How did I do with my goals?
I have never set publicly my goals for the future months. In my very first blog post I just said I would do some kind of report every couple of months, looking back at what went well and what I need to improve. So, I cannot give marks or stuff like that to precise goals. For this reason, I’m going to give some opinions with marks to some topics about what happened in my work life in the last two months (and I think I will do the same in the next reports). Little spoiler: it didn’t go too good.
Work-life balance: D-
January and Febrary were terrible from work-life balance perspective. The amount of work we (me and my collegues) faced was too much. By the end of Febryuary though, we re-started to breath.
Personal studies: B
For the reason I mentioned above, it was nearly impossible to dedicate free time to personal studies. Nevertheless, I tried to push myself and go ahead.
-
I published on my LinkedIn profile just today a first document representing my personal notes about Apache Spark. When I started study Spark at October 2023, I noticed that most of the guide or tutorial or even books were not so clear in the explaination (understanding in depth the concepts of Driver, Cluster Manager, Spark Application is not trivial in my opinion), meaning that all these resouces are pretty similar and take many things for granted. So, I decided to put together the best information I found along the time to put in order all these concepts in my mind.

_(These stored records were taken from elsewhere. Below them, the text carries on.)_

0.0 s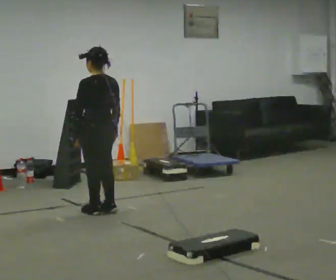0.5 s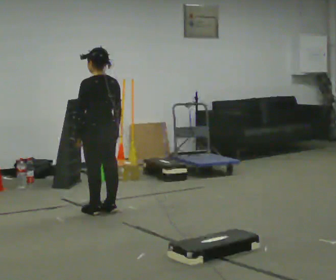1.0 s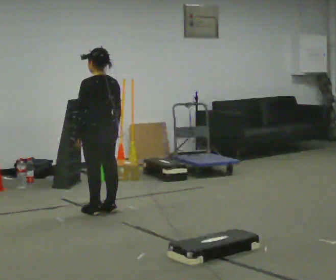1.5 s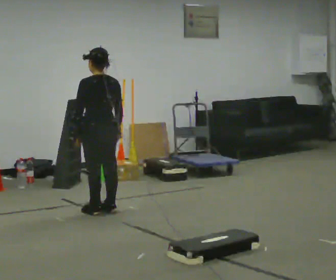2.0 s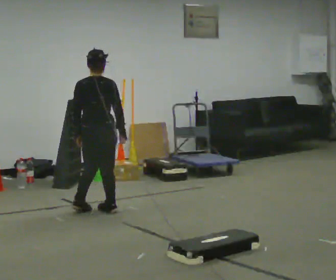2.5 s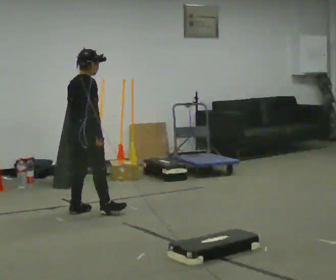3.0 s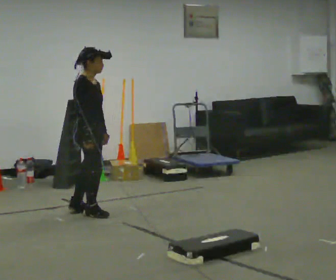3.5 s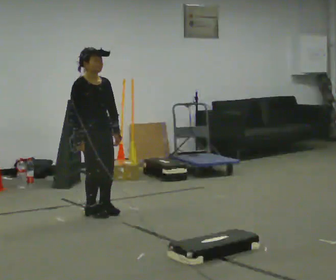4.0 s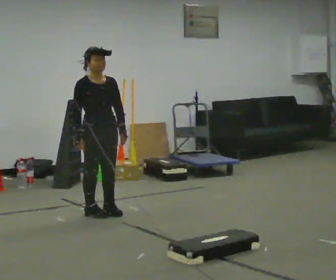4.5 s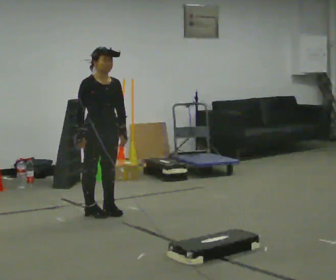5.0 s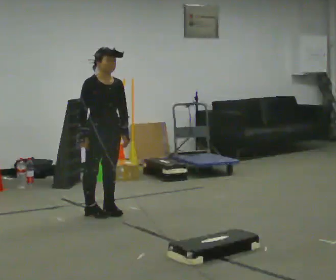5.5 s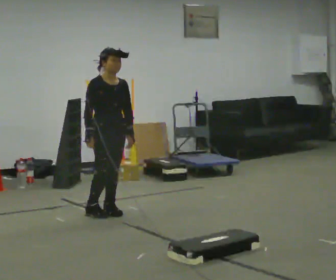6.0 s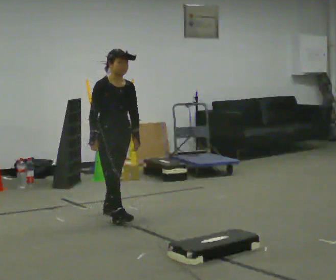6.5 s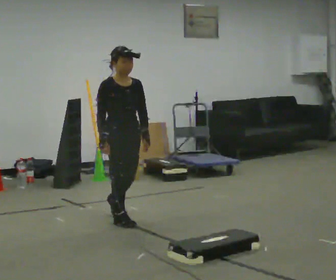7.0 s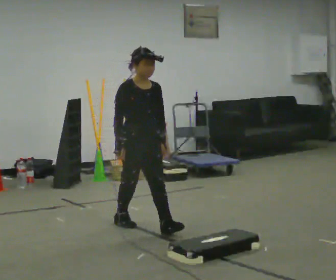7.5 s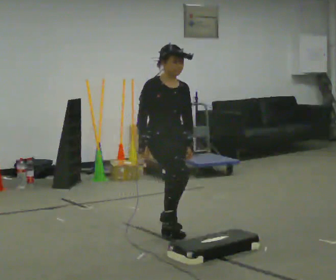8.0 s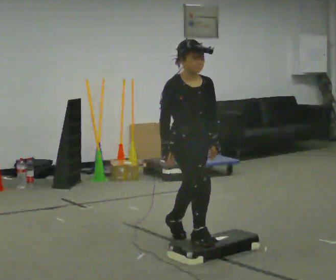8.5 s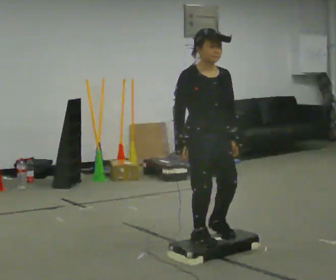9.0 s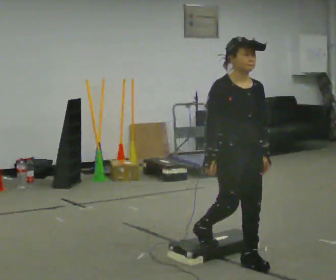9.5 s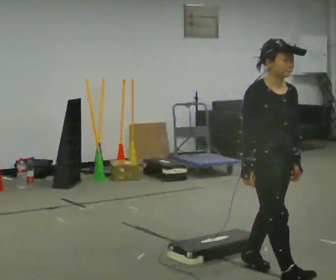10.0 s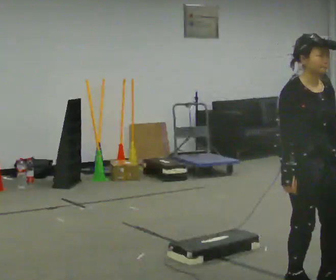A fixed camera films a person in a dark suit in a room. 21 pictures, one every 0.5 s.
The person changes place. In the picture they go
toward the camera.
The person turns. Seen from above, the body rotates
clockwise.
0.0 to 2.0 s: The part of the body nearest the lens slides to the left as the person turns to their right by about 45 degrees.
2.0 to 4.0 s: The part of the body nearest the lens slides to the left as the person turns to their right by about 135 degrees. In the picture their right hand goes to the left, the arm swinging clockwise.
4.0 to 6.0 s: The person moves a little, or ends about where they began.
6.0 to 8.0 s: In the picture they go toward the camera and to the right, about 1 m in 3 steps, which for them is forward.
8.0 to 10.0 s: In the picture they go toward the camera and to the right, about 1 m in 2 steps, which for them is forward.
The film runs forward here.

Even with this method, and even now, I have some doubts about some concepts. If anyone, other than me, is reading this post and wants to see these notes, here’s the link: https://mypersonal-notes.notion.site/A-Gentle-Introduction-to-Spark-fc00af2a86f142f39e228a63052a7101. I really appreciate any kind of feedbacks.
-
I posted on my GitHub account 2 new repositories:
- one is just the attempt to re-create a project I found on YouTube by “CodeWithYu” (link here) that explains how to go through an end-to-end Data Engineering project putting together technologies like Apache Kafka, Apache Airflow, Apache Zookeper, Apache Spark, Cassandra database, all containerized with Docker. There is not much of my own in this project, but it was a first approach with a complex environment.

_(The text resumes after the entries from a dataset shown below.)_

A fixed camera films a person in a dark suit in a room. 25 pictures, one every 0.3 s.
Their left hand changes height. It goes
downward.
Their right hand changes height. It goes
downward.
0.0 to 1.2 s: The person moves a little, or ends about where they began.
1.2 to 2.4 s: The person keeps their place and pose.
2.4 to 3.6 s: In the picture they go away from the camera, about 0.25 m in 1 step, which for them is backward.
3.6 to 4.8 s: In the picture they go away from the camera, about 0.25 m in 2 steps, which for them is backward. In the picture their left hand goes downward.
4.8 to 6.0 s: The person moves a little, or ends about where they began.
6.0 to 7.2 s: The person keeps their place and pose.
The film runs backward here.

- one is inspired from a YouTube video (link here) by “Code with Irtiza” that explains how to use Apache Kafka for a simple project about Food Ordering. I extended the project with:
- Spark Streaming section to elaborate data coming from a Kafka Topic and store them inside a Cassandra DB;
- a frontend section where users can simulate orders;
- a frontend section where shop workers can notify users that the order is ready;
- both these two frontend sections communicate with the backend through Kafka.
If you want to know more about those projects, check my GitHub account.
I am honestly pretty satisfied with this project. The goal from now on is to study something about the theoretical aspects of Apache Kafka because I just used it in my code, but I don’t have a clear big picture about what is it and when and where it’s used. These two projects though were two great starting points.